"""

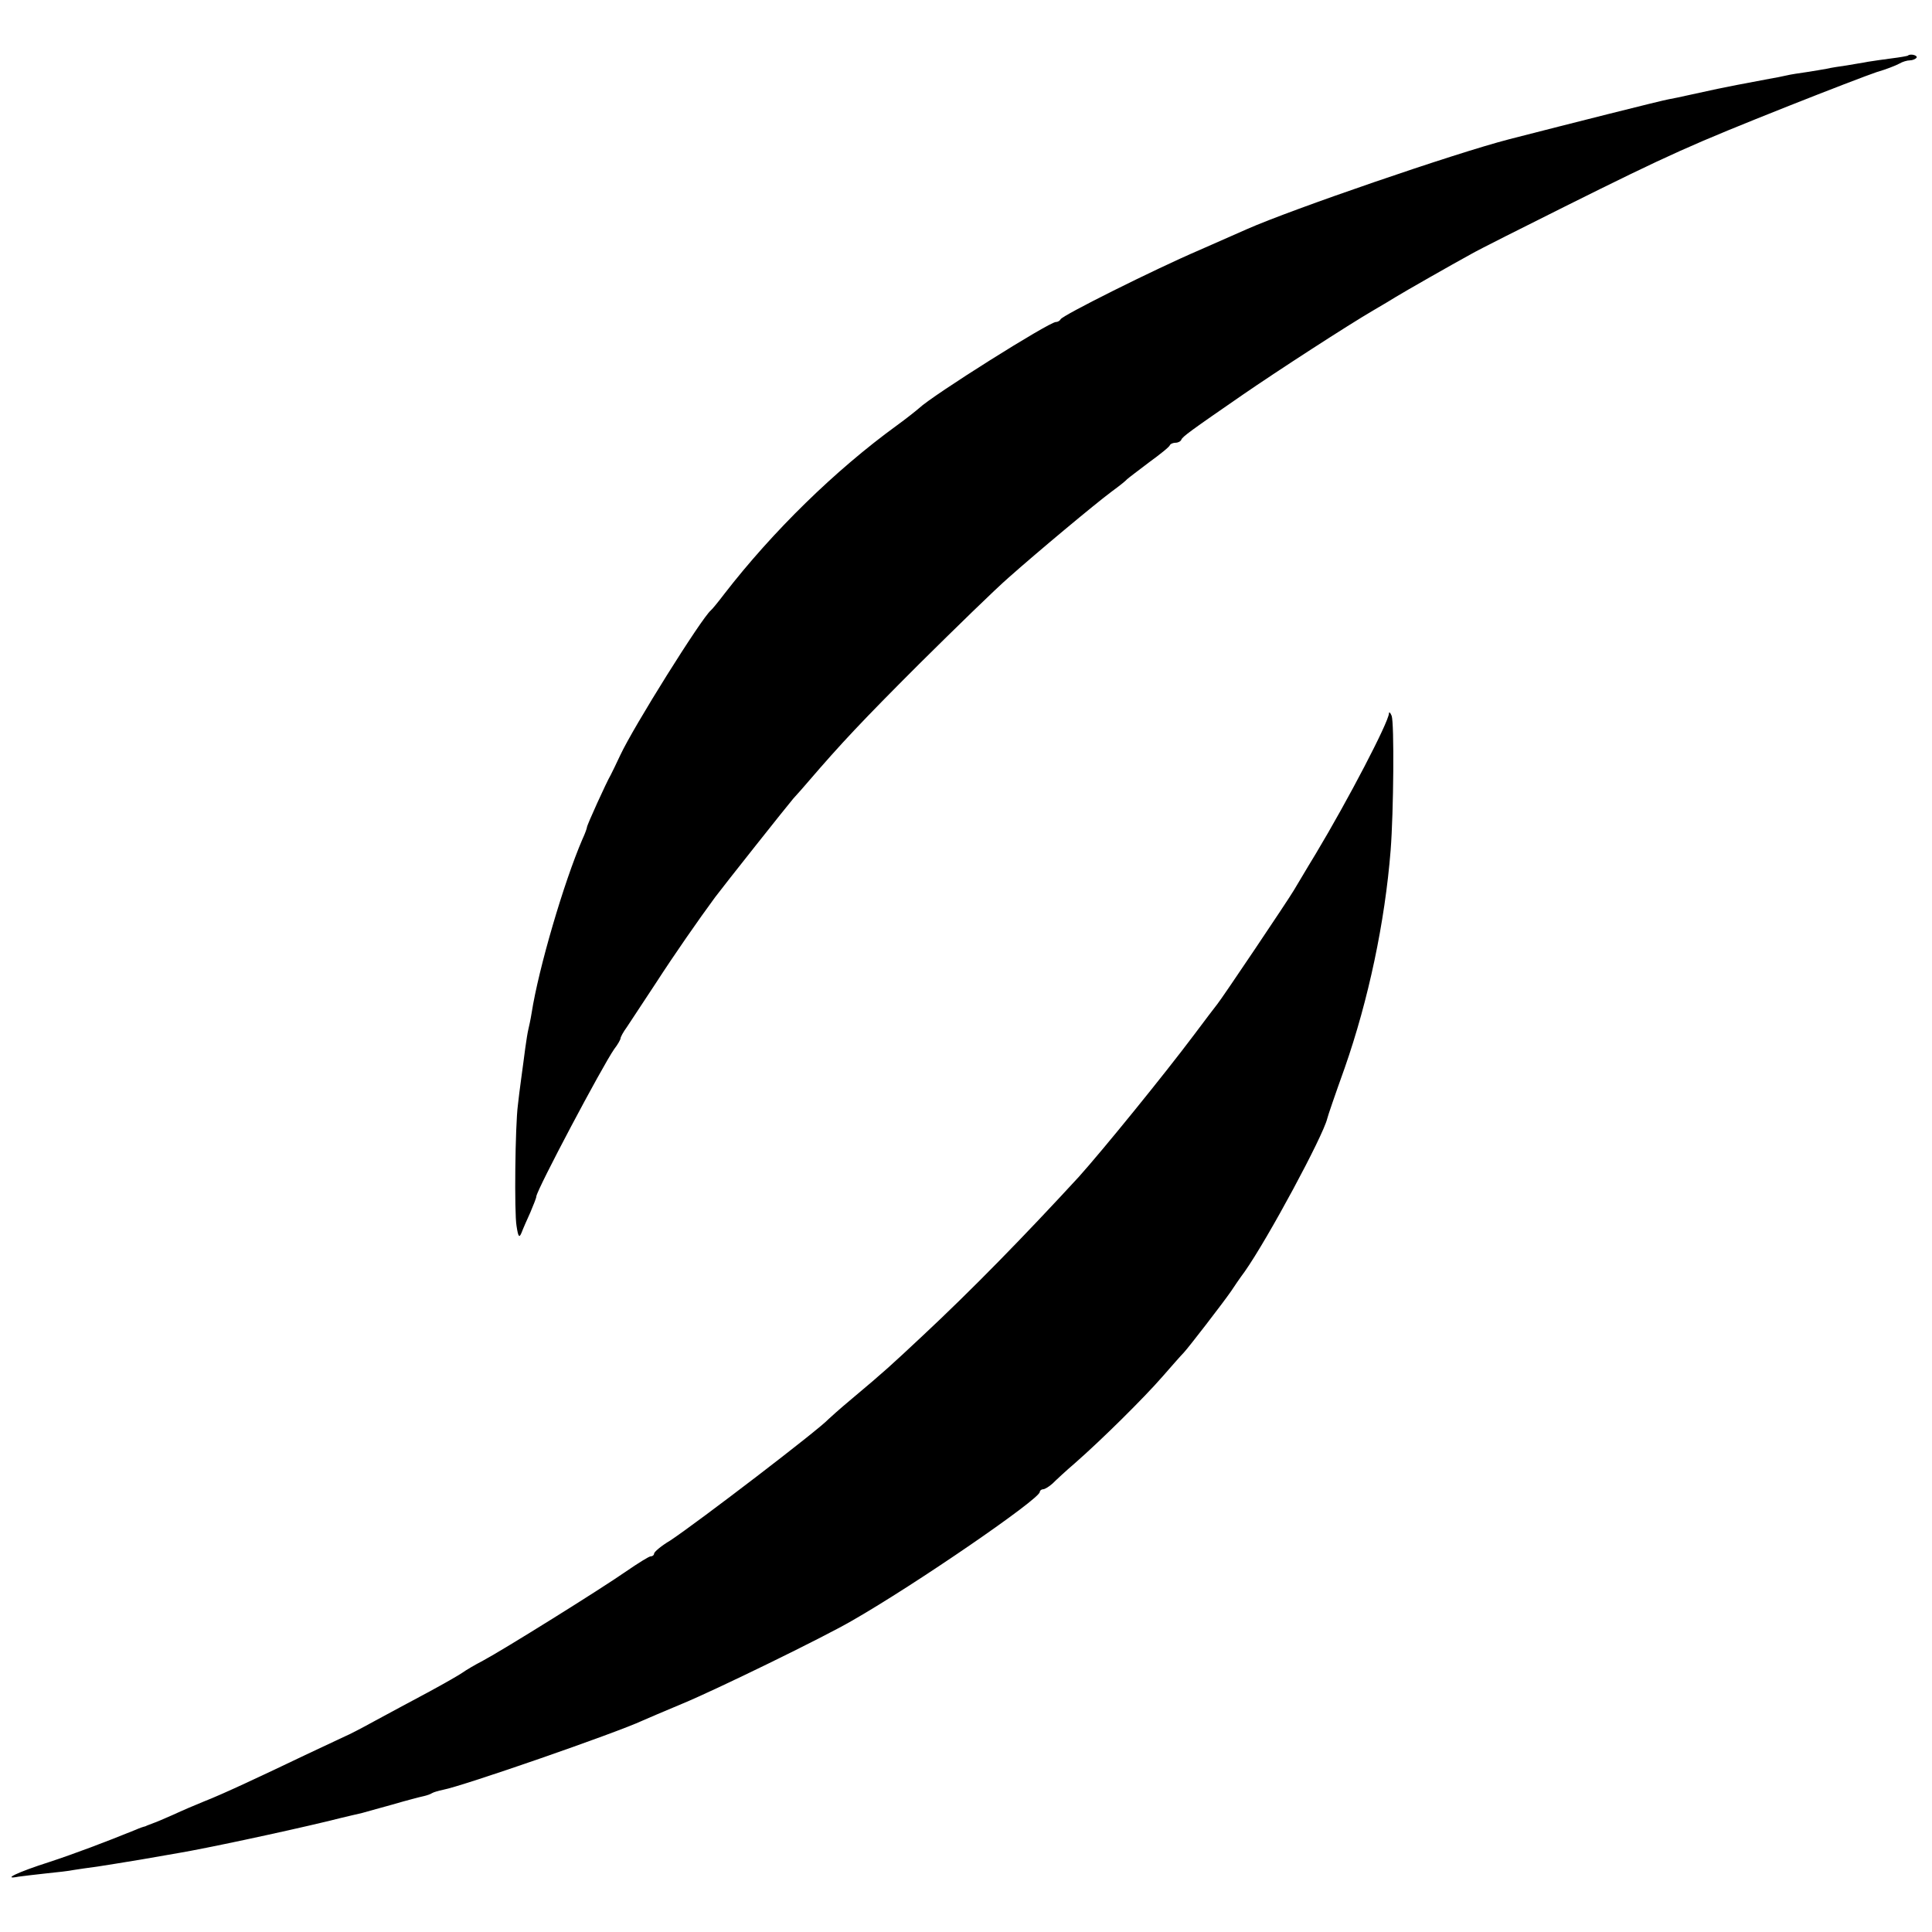 <?xml version="1.0" standalone="no"?>
<!DOCTYPE svg PUBLIC "-//W3C//DTD SVG 20010904//EN"
 "http://www.w3.org/TR/2001/REC-SVG-20010904/DTD/svg10.dtd">
<svg version="1.0" xmlns="http://www.w3.org/2000/svg"
 width="576pt" height="576pt" viewBox="0 0 576 576"
 preserveAspectRatio="xMidYMid meet">
<g transform="translate(0,576) scale(0.1,-0.1)"
fill="#000000" stroke="none">
<path d="M5688 5594 c-2 -1 -23 -5 -48 -8 -25 -3 -56 -8 -70 -10 -14 -3 -43
-7 -64 -11 -21 -3 -48 -7 -60 -10 -12 -2 -39 -7 -60 -10 -21 -3 -48 -7 -60
-10 -12 -3 -34 -7 -51 -10 -75 -14 -132 -25 -155 -30 -23 -5 -37 -8 -92 -20
-13 -3 -36 -8 -53 -11 -23 -4 -296 -73 -475 -119 -163 -42 -651 -210 -782
-268 -18 -8 -82 -36 -143 -63 -135 -58 -409 -195 -413 -206 -2 -4 -8 -8 -14
-8 -20 0 -367 -218 -408 -257 -8 -7 -38 -31 -67 -52 -183 -133 -369 -315 -513
-501 -19 -25 -37 -47 -41 -50 -28 -24 -230 -346 -270 -432 -11 -24 -24 -50
-28 -58 -13 -22 -71 -150 -71 -156 0 -3 -6 -20 -14 -37 -55 -128 -130 -383
-151 -517 -3 -19 -8 -42 -10 -50 -2 -8 -6 -33 -9 -55 -3 -22 -8 -62 -12 -90
-4 -27 -8 -63 -10 -80 -8 -60 -11 -321 -4 -360 5 -33 8 -37 15 -20 4 11 16 38
26 60 9 22 18 43 18 48 2 21 196 387 232 439 11 14 19 29 19 32 0 4 8 19 19
34 10 15 49 74 87 132 55 85 126 187 176 255 27 36 215 273 233 294 13 14 33
37 45 51 98 114 160 180 330 350 108 107 227 223 266 257 89 79 258 220 309
258 22 16 42 32 45 36 3 3 32 25 65 50 33 24 62 47 63 52 2 4 10 7 17 7 7 0
15 4 17 9 3 9 28 27 183 134 103 71 316 209 390 252 28 16 57 34 67 40 26 16
168 97 223 127 28 16 154 79 280 142 317 158 376 184 670 301 116 46 233 91
260 100 28 8 58 20 67 25 10 6 24 10 32 10 8 0 17 4 20 8 4 7 -19 13 -26 6z"/>
<path d="M4141 3633 c-2 -28 -122 -258 -218 -418 -30 -49 -59 -99 -66 -110
-17 -29 -216 -325 -228 -339 -5 -6 -36 -47 -69 -91 -90 -120 -273 -345 -344
-424 -162 -176 -318 -336 -468 -476 -92 -86 -109 -102 -208 -185 -36 -30 -67
-58 -70 -61 -27 -30 -389 -307 -472 -362 -27 -16 -48 -34 -48 -39 0 -4 -4 -8
-10 -8 -5 0 -37 -20 -72 -44 -79 -55 -368 -235 -428 -267 -25 -13 -52 -29 -60
-35 -8 -6 -55 -33 -105 -60 -49 -26 -121 -65 -160 -86 -38 -21 -77 -41 -85
-44 -8 -4 -60 -28 -115 -54 -138 -66 -251 -119 -305 -140 -25 -10 -67 -28 -95
-41 -27 -12 -53 -23 -57 -24 -5 -2 -10 -4 -13 -5 -3 -1 -8 -3 -12 -5 -5 -1
-17 -5 -28 -10 -91 -37 -184 -72 -257 -96 -97 -31 -144 -54 -93 -44 17 2 55 7
85 10 30 3 66 7 80 10 14 2 45 7 70 10 25 4 83 13 130 21 47 8 99 17 115 20
77 13 299 60 445 95 47 12 92 22 100 24 8 2 49 14 90 25 41 12 83 23 93 25 9
2 21 6 25 9 5 3 19 7 33 10 59 11 517 170 594 206 11 5 65 28 120 51 99 41
419 197 505 247 189 108 560 363 560 384 0 4 5 8 10 8 5 0 18 8 28 17 10 10
40 38 67 61 81 71 206 195 260 257 28 32 56 64 64 72 15 16 116 147 141 183 8
12 26 39 41 59 69 98 233 403 246 456 1 6 24 73 52 151 71 203 120 435 137
649 9 116 11 380 3 401 -4 10 -8 13 -8 7z"/>
</g>
</svg>

"""

» **WHAT YOU ARE ASKED TO DO**:
Gather every line from the entries above where the word "path" appears, and copy them.

» **RESPONSE BELOW**:
<path d="M5688 5594 c-2 -1 -23 -5 -48 -8 -25 -3 -56 -8 -70 -10 -14 -3 -43
<path d="M4141 3633 c-2 -28 -122 -258 -218 -418 -30 -49 -59 -99 -66 -110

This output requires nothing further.